In fact, it hit my house twice, and I'm not exactly incompetent: Win7,
Security Essentials, kept on top of Windows Update, no admin privileges for
little brother or mom, updated Firefox, etc. The last time, it turned out we
were behind on Java updates - it popped up in the systray 5 or 6 times a day
for a few months and the few times my dad tried to allow the update, it
failed. I didn't know about that until I was in the room while my brother was
using the machine and I saw a dialog that looked an awful lot like Windows
reminding you to install AV but not quite right. No way anyone else would have
noticed that the background gradient was just a bit off. Did a scan... MSE was
showing me 20 different Java exploits and "Anti"virus 2012 wouldn't let me
open Firefox again outside of safe mode. Not something my parents would be
able to deal with when I'm not there; they would have had to pay somebody. Its
replacement will be a Mac; they like OSX better anyway.

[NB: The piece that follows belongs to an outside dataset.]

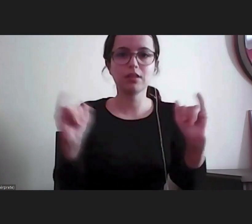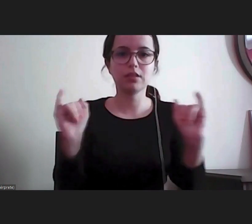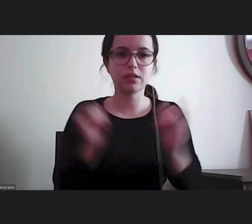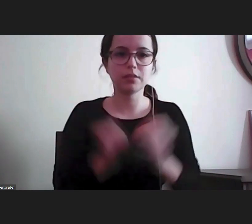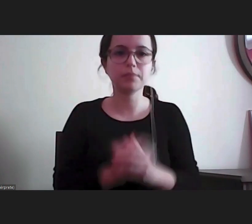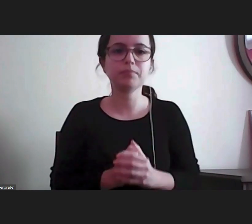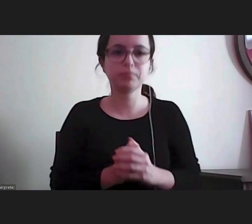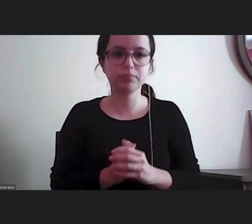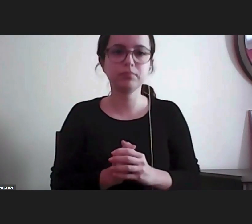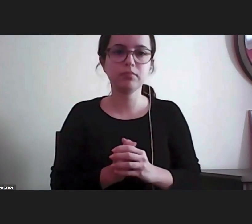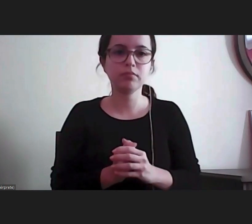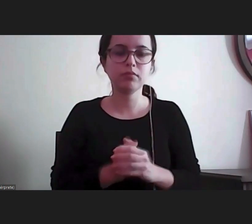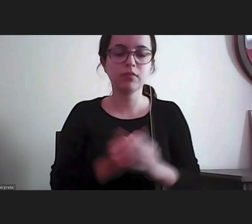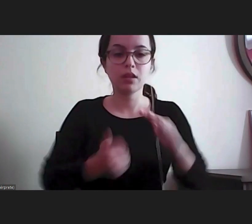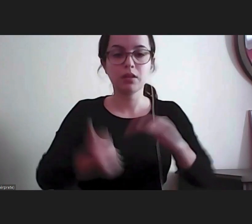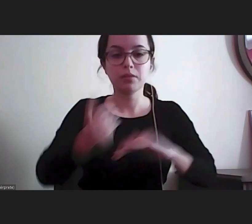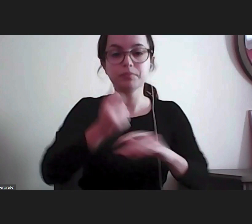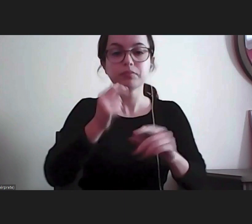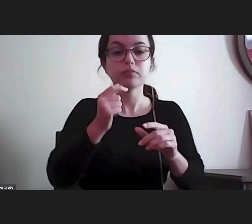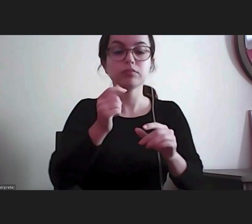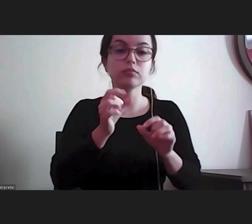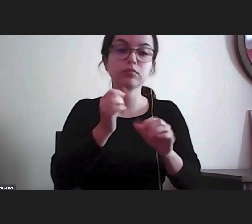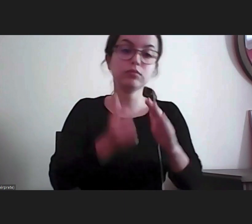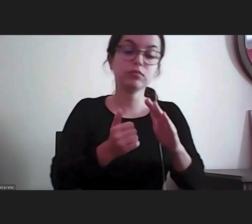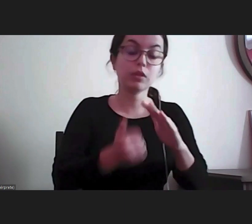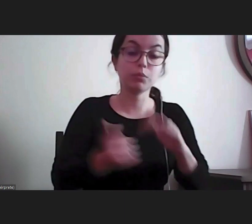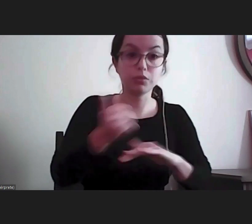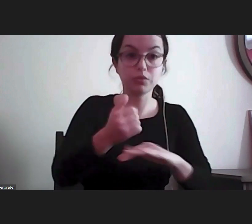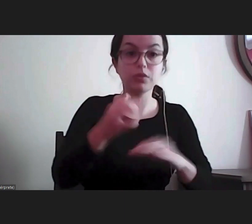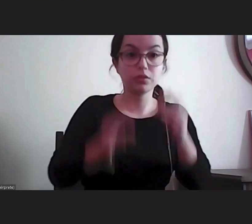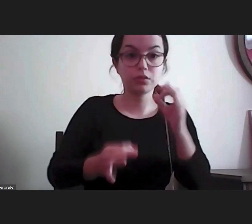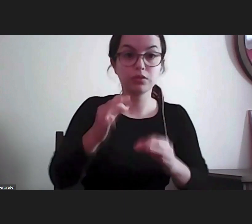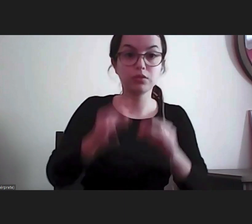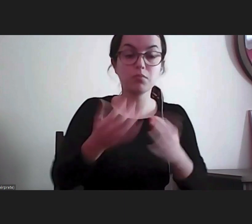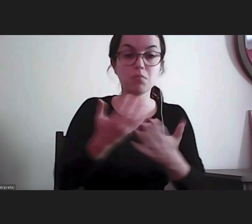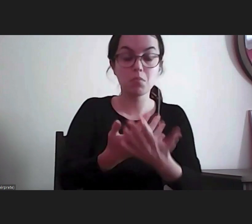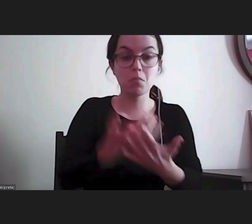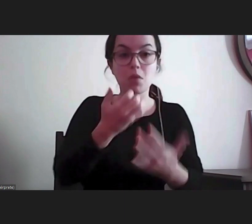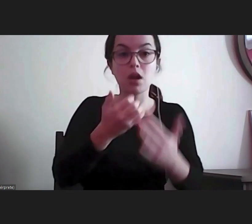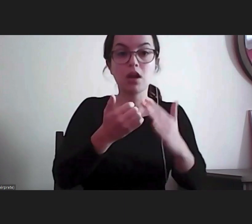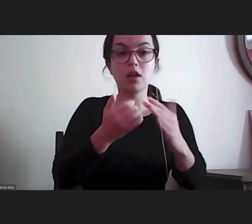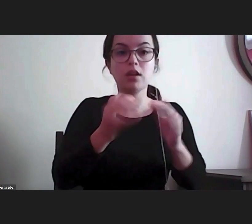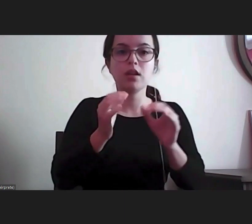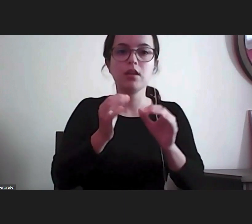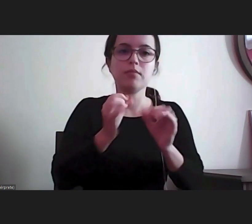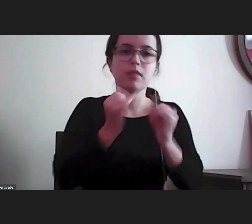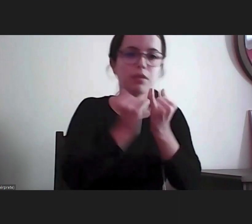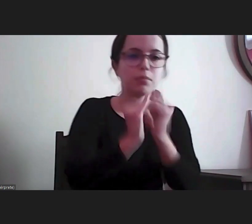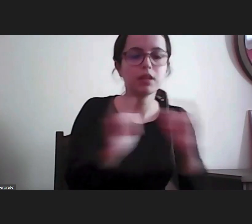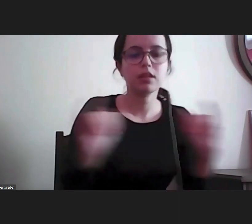O Provedor de Justiça tem a característica marcada da independência em relação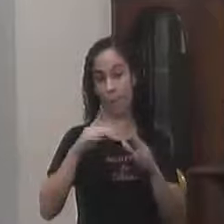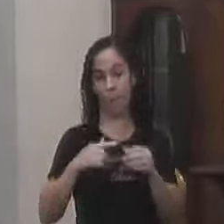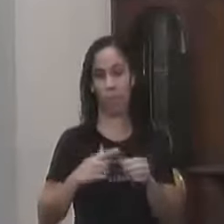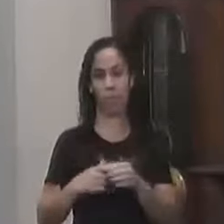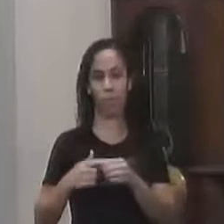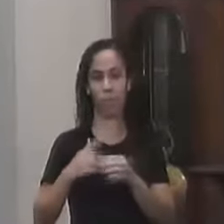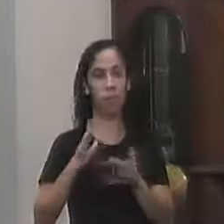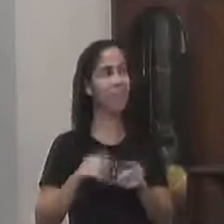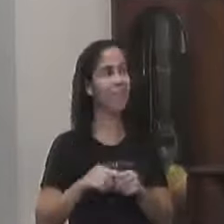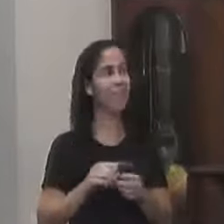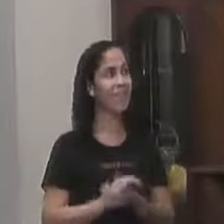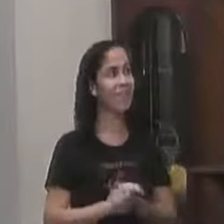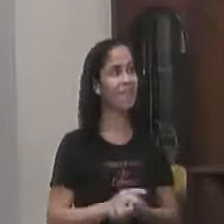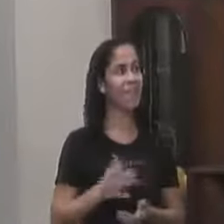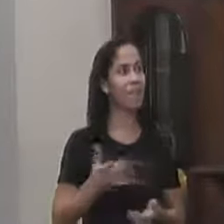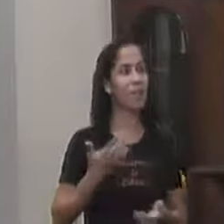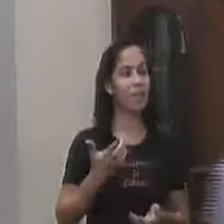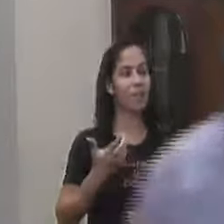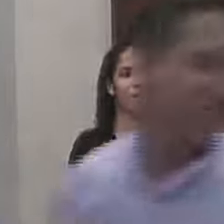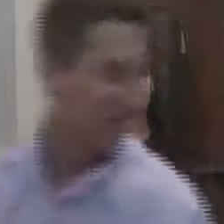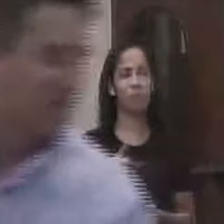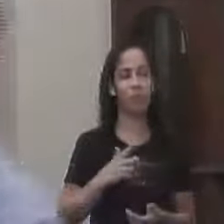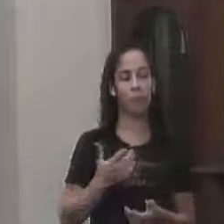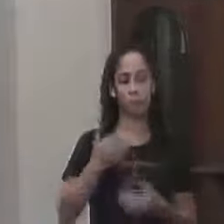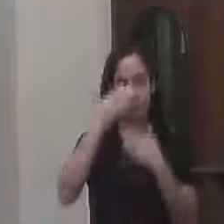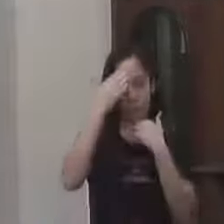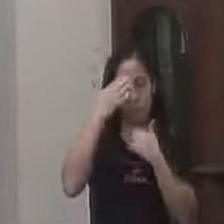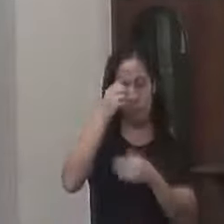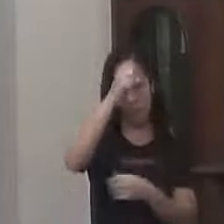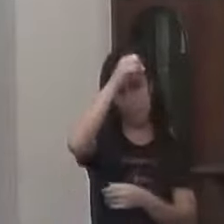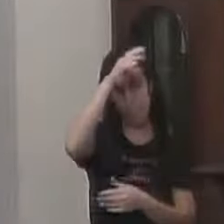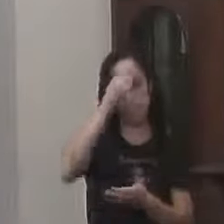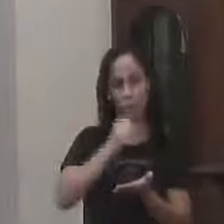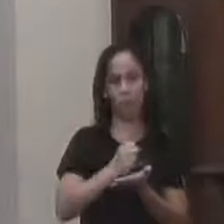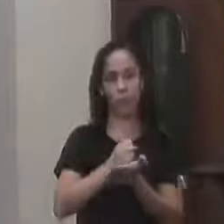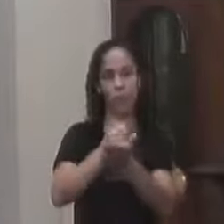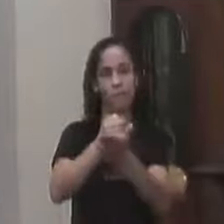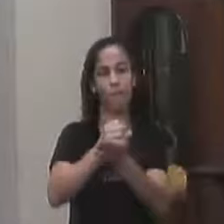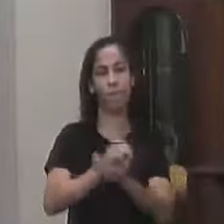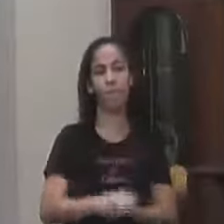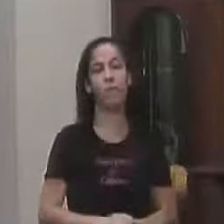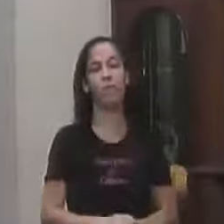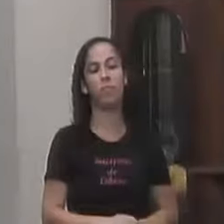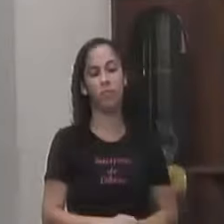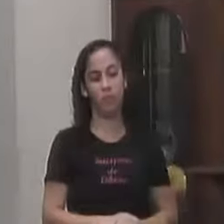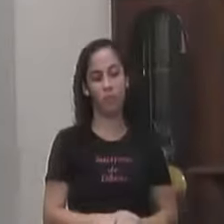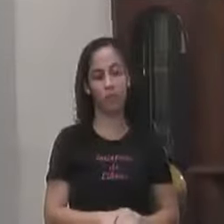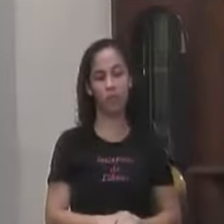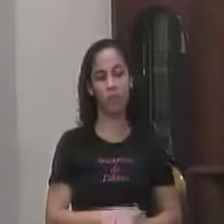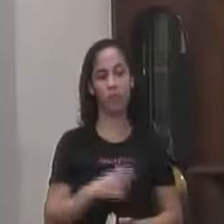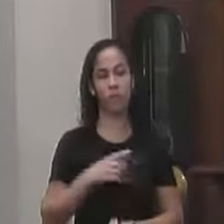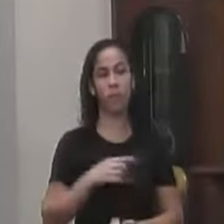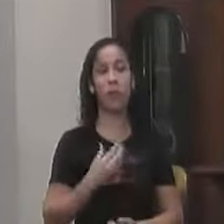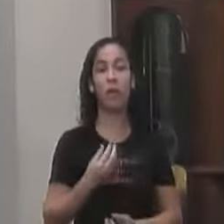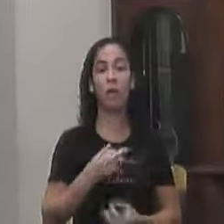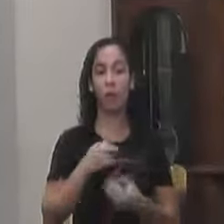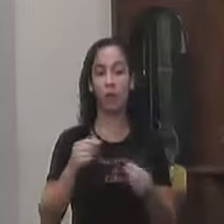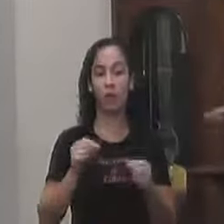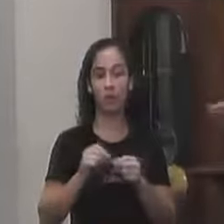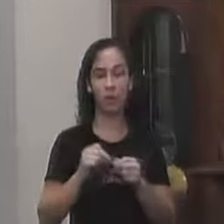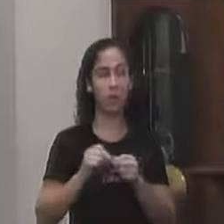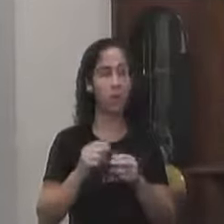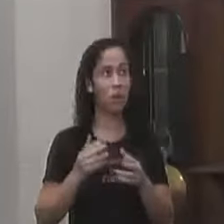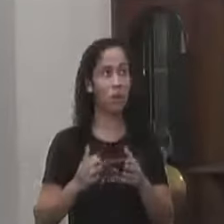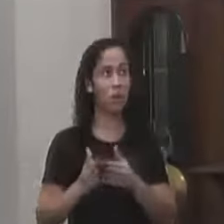Isabel Então eu tenho que agradecer O nosso prefeito Todo o apoio Né? Tem caminhos lá Que realmente

I worked for a small-business IT firm for 3 summers and have never seen or
heard of OSX malware except from the blogosphere/HN/media. We took our
clients' security pretty seriously - corporate domains, enforced Automatic
Updates, no idiots with local admin, corporate endpoint antivirus, antivirus
in the spam filter, Sonicwalls, Firefox wherever possible, etc. Still, we got
virus calls pretty frequently. I would usually babysit the reinstalls at a
reduced rate, but when I wasn't interning, businesses were shelling out
$150/hour for that. To be fair, most were XP, but there were a few virus calls
for Win7.

I don't have statistics, but if you're going to claim OSX has fallen as far as
Windows in terms of infection rate, I think the burden is on you to show some
data. Again, just as many family friends running OSX as Windows; I've had Macs
die (my MBP's motherboard gave out right after 4 years), I've had Macs run out
of disk space, I've had the PowerPC/Intel switch lose my family a lot of money
because perfectly good ~2006 machines can't run a modern OS or
Flash/Firefox/iTunes, but I've never seen malware for OSX.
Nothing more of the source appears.